第3話:ワンピースと偽りの微笑み
アヤカだった。
ホテルの廊下に、ふわりと春の香りが残っていた。
二日前に私が贈ったばかりのワンピースを着ている。
結婚記念日に帰れなかった償いに、私は一か月分の給料をはたいて、彼女がずっと欲しがっていたドレスを買った。
包装紙のリボンをほどき、彼女がそれを受け取った時、送ってきたビデオを今でも覚えている。
恥ずかしそうにドレスを体に当て、私が「着て見せてよ」とからかうと、舌をペロッと出してふざけていた。
「やだ!タクミが帰ってきたら着せて、そして一枚ずつ脱がせてほしいの」
笑い声が耳の奥でこだまする——いや、もう幻だったのかもしれない。
今では、他の男にすぐ脱がせてもらいたくてたまらないのか?
怒りで体が燃え上がった。気がつくと彼女はすでにエレベーターに乗っていた。
私は慌てて追いかけたが、何階で降りたのか分からず、発狂したように非常階段を駆け上がった。
コンクリートの壁に、足音が鈍く響く。
二階——止まらない。
三階——止まらない。
ようやくエレベーターが止まったのは、私のいる四階だった。
だが、あたりを見回しても彼女の姿はなかった。
安堵すべきか、喪失感に浸るべきか分からずにいると、隣の廊下からノックの音が聞こえた。

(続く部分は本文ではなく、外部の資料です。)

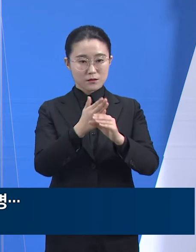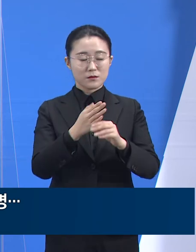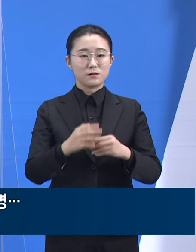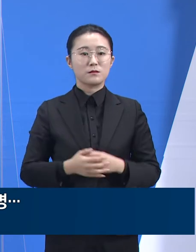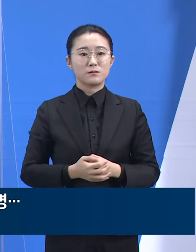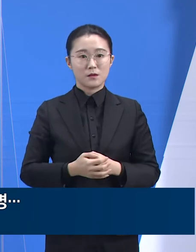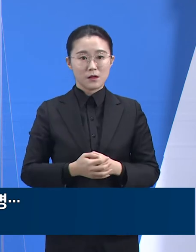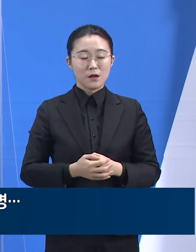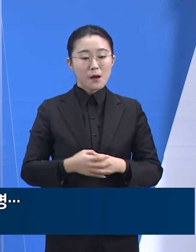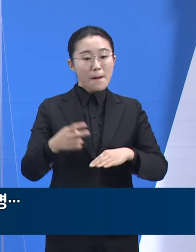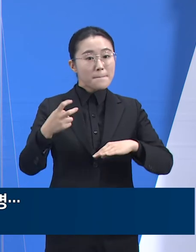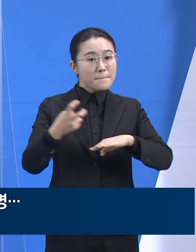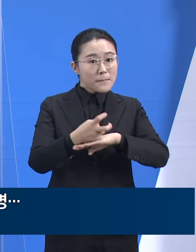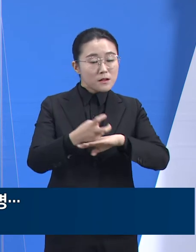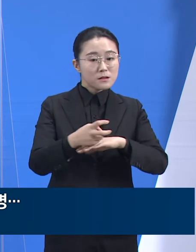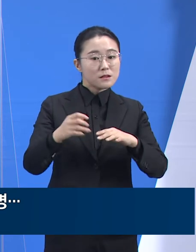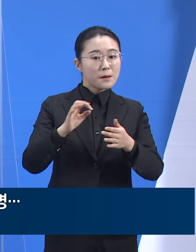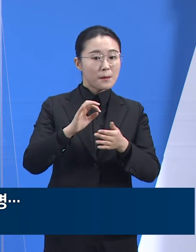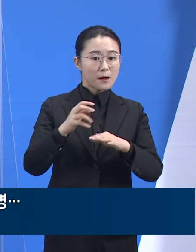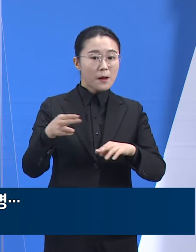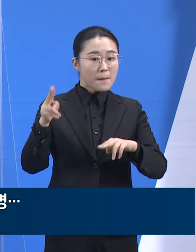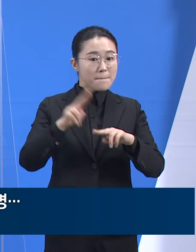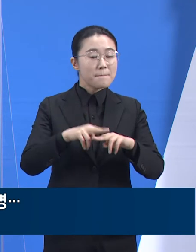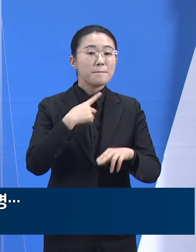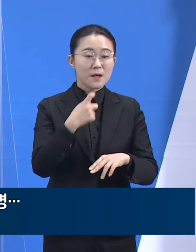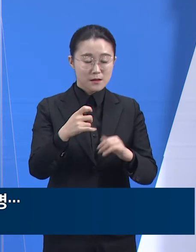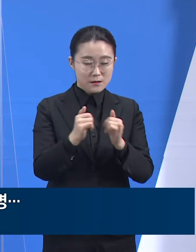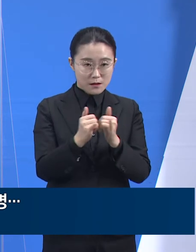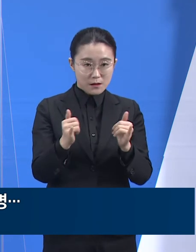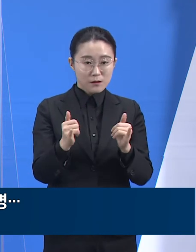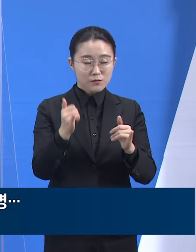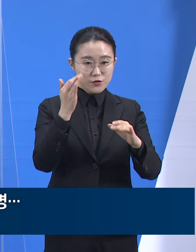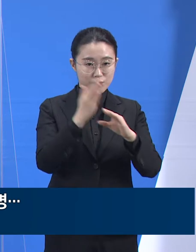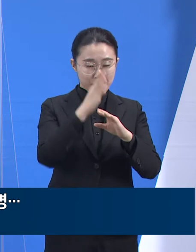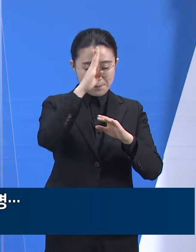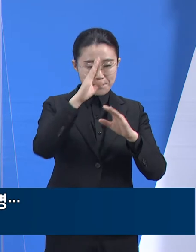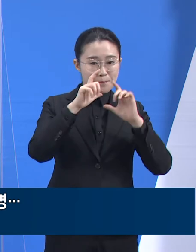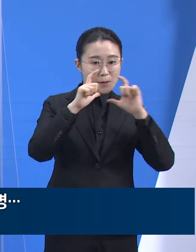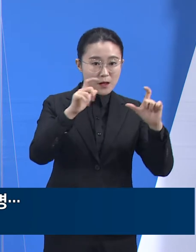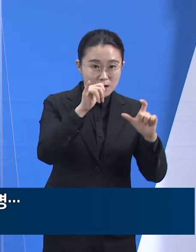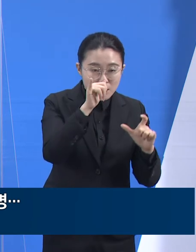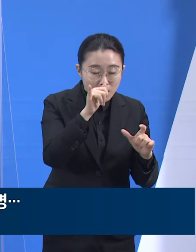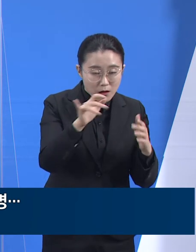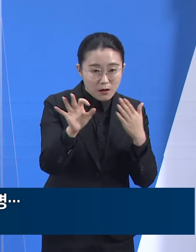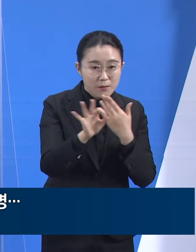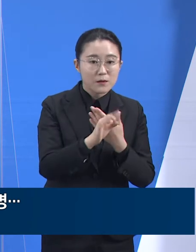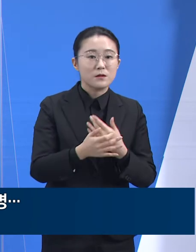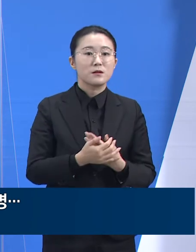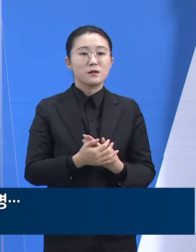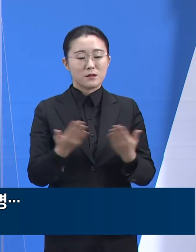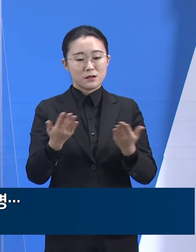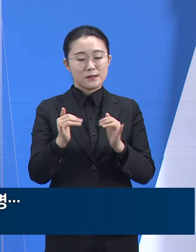추가 확진이 확인될 경우 이용 직원들에 대해서 자가격리 조치할 계획입니다.

私はごくりと唾を飲み込み、深呼吸して勇気を振り絞り、そちらを覗いた。
廊下の照明がまぶしく、目がくらんだ。
一目見た瞬間、完全に崩れ落ちた。
ノックしていたのは妻のアヤカ。ドアを開けたのは同僚のハヤシだった。
私は駆け寄って止めたかったが、LINEの通知が入った。
ピコン、とLINEの着信音が静かな廊下に響く。
「お兄ちゃん、ごめんね。さっきエレベーターで電波なかったの。今夜は無理、もう予約入ってるの。今日のお客さんは3Pダメだって。明日は全部あなたのものよ」
怒りで目眩がし、頭がズキズキした。
ホテルの絨毯の柄が、目の前でグニャリと歪むようだった。
大切にしてきた女が、外ではこんなにも恥知らずだったなんて。
私はハヤシがアヤカの腰に手を回し、部屋に連れて入るのを見た。
重い足取りで自分の部屋に戻り、隣から聞こえる喘ぎ声とベッドが壁にぶつかる音を聞きながら、拳を握りしめ、爪が手のひらに食い込んでも何も感じなかった。
ベッドのヘッドボードが叩かれるたび、私はついに涙をこらえきれなくなった。
枕を口に押し当て、声を殺して泣いた。
この夜が、僕の人生の終わりの始まりだった。